PROBLEM TO WORK ON: Would you please copy each line below that includes the string "center"?

DATA SHOWN:

___

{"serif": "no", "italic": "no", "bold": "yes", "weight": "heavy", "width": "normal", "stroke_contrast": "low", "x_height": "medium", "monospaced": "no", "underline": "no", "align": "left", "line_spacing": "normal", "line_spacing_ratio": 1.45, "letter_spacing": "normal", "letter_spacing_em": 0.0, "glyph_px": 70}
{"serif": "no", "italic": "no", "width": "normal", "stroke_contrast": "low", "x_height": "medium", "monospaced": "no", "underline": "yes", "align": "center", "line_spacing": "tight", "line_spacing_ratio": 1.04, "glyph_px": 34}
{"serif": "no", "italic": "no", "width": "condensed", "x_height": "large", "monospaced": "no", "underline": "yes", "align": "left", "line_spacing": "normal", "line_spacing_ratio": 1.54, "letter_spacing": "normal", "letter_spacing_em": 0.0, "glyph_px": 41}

___

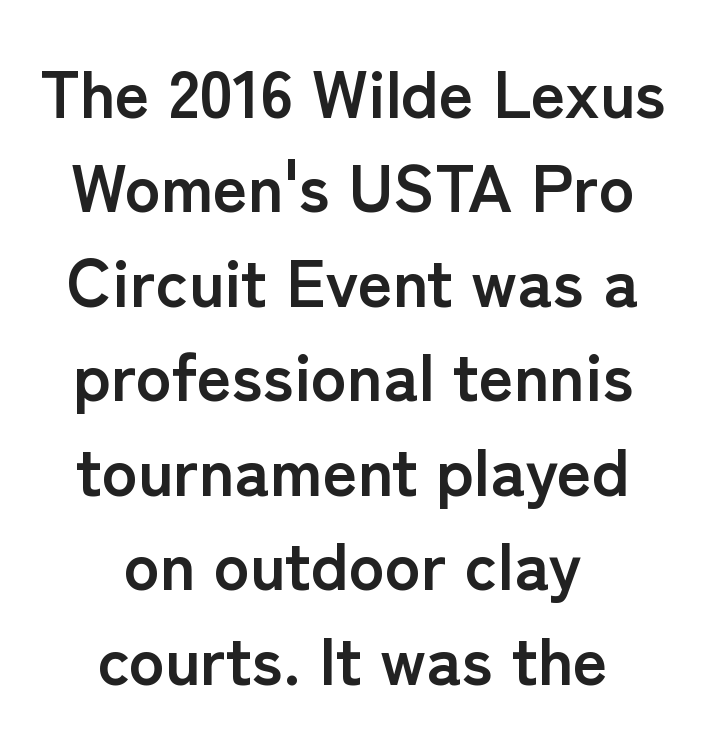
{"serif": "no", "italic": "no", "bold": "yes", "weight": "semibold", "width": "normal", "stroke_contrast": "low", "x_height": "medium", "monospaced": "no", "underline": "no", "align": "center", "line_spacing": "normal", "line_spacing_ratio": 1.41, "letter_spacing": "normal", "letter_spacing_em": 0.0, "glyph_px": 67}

___

RESPONSE TO THIS EXERCISE:
{"serif": "no", "italic": "no", "width": "normal", "stroke_contrast": "low", "x_height": "medium", "monospaced": "no", "underline": "yes", "align": "center", "line_spacing": "tight", "line_spacing_ratio": 1.04, "glyph_px": 34}
{"serif": "no", "italic": "no", "bold": "yes", "weight": "semibold", "width": "normal", "stroke_contrast": "low", "x_height": "medium", "monospaced": "no", "underline": "no", "align": "center", "line_spacing": "normal", "line_spacing_ratio": 1.41, "letter_spacing": "normal", "letter_spacing_em": 0.0, "glyph_px": 67}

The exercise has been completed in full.